## Task objective
Word for word, and with pictures excluded, copy out all the records that follow.

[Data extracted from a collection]
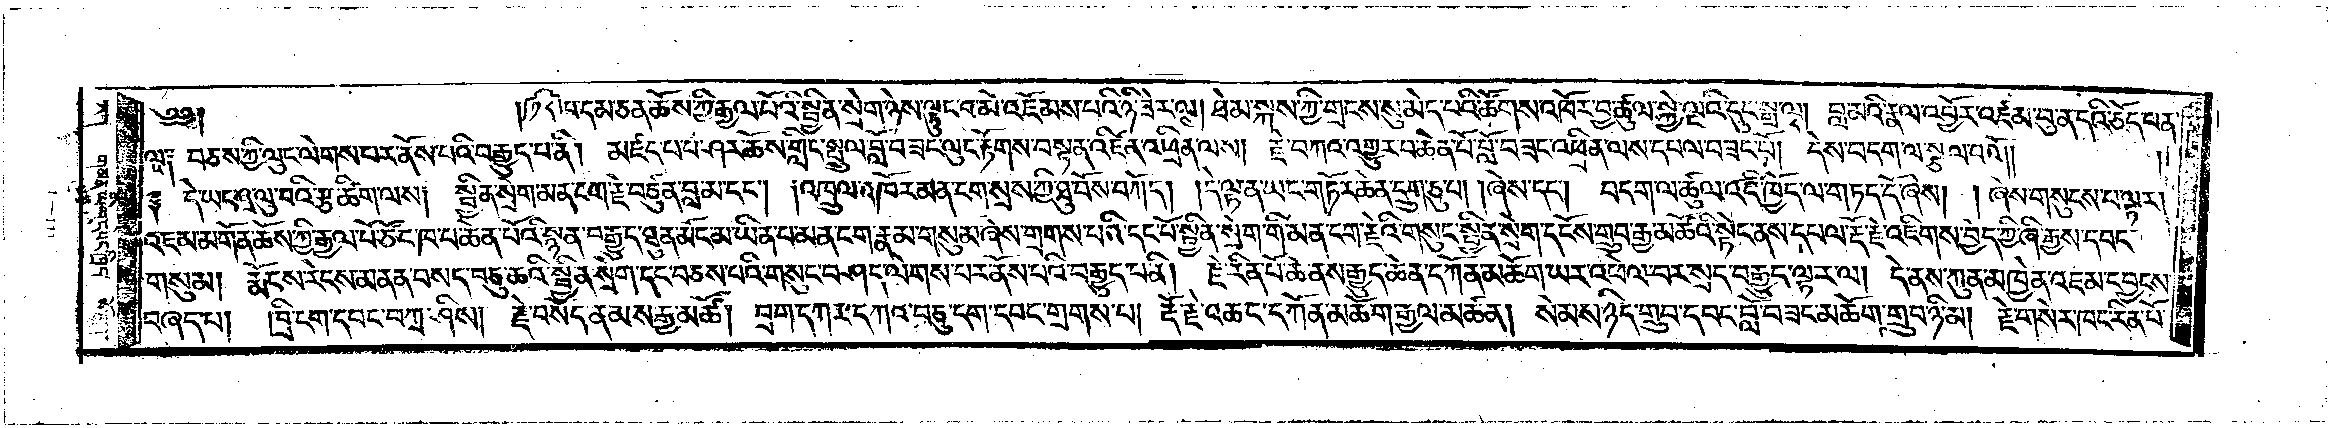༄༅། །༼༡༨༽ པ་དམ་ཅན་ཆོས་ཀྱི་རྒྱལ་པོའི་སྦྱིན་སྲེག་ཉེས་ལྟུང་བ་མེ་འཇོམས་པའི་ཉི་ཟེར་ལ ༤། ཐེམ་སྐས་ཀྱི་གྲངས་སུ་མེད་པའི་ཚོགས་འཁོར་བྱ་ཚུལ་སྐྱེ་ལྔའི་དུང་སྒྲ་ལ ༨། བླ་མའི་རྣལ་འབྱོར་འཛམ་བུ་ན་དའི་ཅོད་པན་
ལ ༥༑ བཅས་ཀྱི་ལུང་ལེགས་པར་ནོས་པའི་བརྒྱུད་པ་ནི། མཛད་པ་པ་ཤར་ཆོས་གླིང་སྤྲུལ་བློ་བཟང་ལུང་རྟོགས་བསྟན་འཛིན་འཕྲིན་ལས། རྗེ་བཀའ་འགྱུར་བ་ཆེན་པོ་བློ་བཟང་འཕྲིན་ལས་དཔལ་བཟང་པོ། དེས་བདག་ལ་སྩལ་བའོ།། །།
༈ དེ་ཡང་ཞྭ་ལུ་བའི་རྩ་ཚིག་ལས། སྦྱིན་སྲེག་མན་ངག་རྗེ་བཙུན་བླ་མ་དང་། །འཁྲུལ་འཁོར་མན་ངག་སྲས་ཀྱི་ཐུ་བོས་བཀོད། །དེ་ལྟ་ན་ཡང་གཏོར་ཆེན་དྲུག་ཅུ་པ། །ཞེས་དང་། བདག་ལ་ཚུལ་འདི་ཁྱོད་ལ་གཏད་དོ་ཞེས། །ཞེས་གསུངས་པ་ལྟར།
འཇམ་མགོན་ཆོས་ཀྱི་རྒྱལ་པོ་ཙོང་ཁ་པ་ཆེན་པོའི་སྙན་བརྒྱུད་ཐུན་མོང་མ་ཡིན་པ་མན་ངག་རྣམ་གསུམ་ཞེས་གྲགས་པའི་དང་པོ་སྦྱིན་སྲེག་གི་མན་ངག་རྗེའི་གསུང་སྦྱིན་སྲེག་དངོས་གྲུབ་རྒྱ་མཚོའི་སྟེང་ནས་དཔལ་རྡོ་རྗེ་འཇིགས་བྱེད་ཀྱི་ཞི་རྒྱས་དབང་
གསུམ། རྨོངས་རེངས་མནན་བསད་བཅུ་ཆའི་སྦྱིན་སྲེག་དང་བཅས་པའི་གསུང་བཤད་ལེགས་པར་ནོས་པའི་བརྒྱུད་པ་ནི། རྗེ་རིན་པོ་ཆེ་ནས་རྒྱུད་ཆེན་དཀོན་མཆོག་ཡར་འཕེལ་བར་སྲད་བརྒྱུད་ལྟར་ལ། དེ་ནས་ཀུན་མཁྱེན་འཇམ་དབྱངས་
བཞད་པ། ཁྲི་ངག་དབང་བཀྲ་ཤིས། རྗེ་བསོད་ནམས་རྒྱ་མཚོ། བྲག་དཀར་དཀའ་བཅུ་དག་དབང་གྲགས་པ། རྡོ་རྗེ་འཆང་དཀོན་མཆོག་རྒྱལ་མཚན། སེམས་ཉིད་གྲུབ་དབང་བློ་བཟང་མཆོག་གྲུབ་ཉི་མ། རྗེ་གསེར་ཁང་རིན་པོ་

## Answer to this problem
༄༅། །༼༡༨༽ པ་དམ་ཅན་ཆོས་ཀྱི་རྒྱལ་པོའི་སྦྱིན་སྲེག་ཉེས་ལྟུང་བ་མེ་འཇོམས་པའི་ཉི་ཟེར་ལ ༤། ཐེམ་སྐས་ཀྱི་གྲངས་སུ་མེད་པའི་ཚོགས་འཁོར་བྱ་ཚུལ་སྐྱེ་ལྔའི་དུང་སྒྲ་ལ ༨། བླ་མའི་རྣལ་འབྱོར་འཛམ་བུ་ན་དའི་ཅོད་པན་
ལ ༥༑ བཅས་ཀྱི་ལུང་ལེགས་པར་ནོས་པའི་བརྒྱུད་པ་ནི། མཛད་པ་པ་ཤར་ཆོས་གླིང་སྤྲུལ་བློ་བཟང་ལུང་རྟོགས་བསྟན་འཛིན་འཕྲིན་ལས། རྗེ་བཀའ་འགྱུར་བ་ཆེན་པོ་བློ་བཟང་འཕྲིན་ལས་དཔལ་བཟང་པོ། དེས་བདག་ལ་སྩལ་བའོ།། །།
༈ དེ་ཡང་ཞྭ་ལུ་བའི་རྩ་ཚིག་ལས། སྦྱིན་སྲེག་མན་ངག་རྗེ་བཙུན་བླ་མ་དང་། །འཁྲུལ་འཁོར་མན་ངག་སྲས་ཀྱི་ཐུ་བོས་བཀོད། །དེ་ལྟ་ན་ཡང་གཏོར་ཆེན་དྲུག་ཅུ་པ། །ཞེས་དང་། བདག་ལ་ཚུལ་འདི་ཁྱོད་ལ་གཏད་དོ་ཞེས། །ཞེས་གསུངས་པ་ལྟར།
འཇམ་མགོན་ཆོས་ཀྱི་རྒྱལ་པོ་ཙོང་ཁ་པ་ཆེན་པོའི་སྙན་བརྒྱུད་ཐུན་མོང་མ་ཡིན་པ་མན་ངག་རྣམ་གསུམ་ཞེས་གྲགས་པའི་དང་པོ་སྦྱིན་སྲེག་གི་མན་ངག་རྗེའི་གསུང་སྦྱིན་སྲེག་དངོས་གྲུབ་རྒྱ་མཚོའི་སྟེང་ནས་དཔལ་རྡོ་རྗེ་འཇིགས་བྱེད་ཀྱི་ཞི་རྒྱས་དབང་
གསུམ། རྨོངས་རེངས་མནན་བསད་བཅུ་ཆའི་སྦྱིན་སྲེག་དང་བཅས་པའི་གསུང་བཤད་ལེགས་པར་ནོས་པའི་བརྒྱུད་པ་ནི། རྗེ་རིན་པོ་ཆེ་ནས་རྒྱུད་ཆེན་དཀོན་མཆོག་ཡར་འཕེལ་བར་སྲད་བརྒྱུད་ལྟར་ལ། དེ་ནས་ཀུན་མཁྱེན་འཇམ་དབྱངས་
བཞད་པ། ཁྲི་ངག་དབང་བཀྲ་ཤིས། རྗེ་བསོད་ནམས་རྒྱ་མཚོ། བྲག་དཀར་དཀའ་བཅུ་དག་དབང་གྲགས་པ། རྡོ་རྗེ་འཆང་དཀོན་མཆོག་རྒྱལ་མཚན། སེམས་ཉིད་གྲུབ་དབང་བློ་བཟང་མཆོག་གྲུབ་ཉི་མ། རྗེ་གསེར་ཁང་རིན་པོ་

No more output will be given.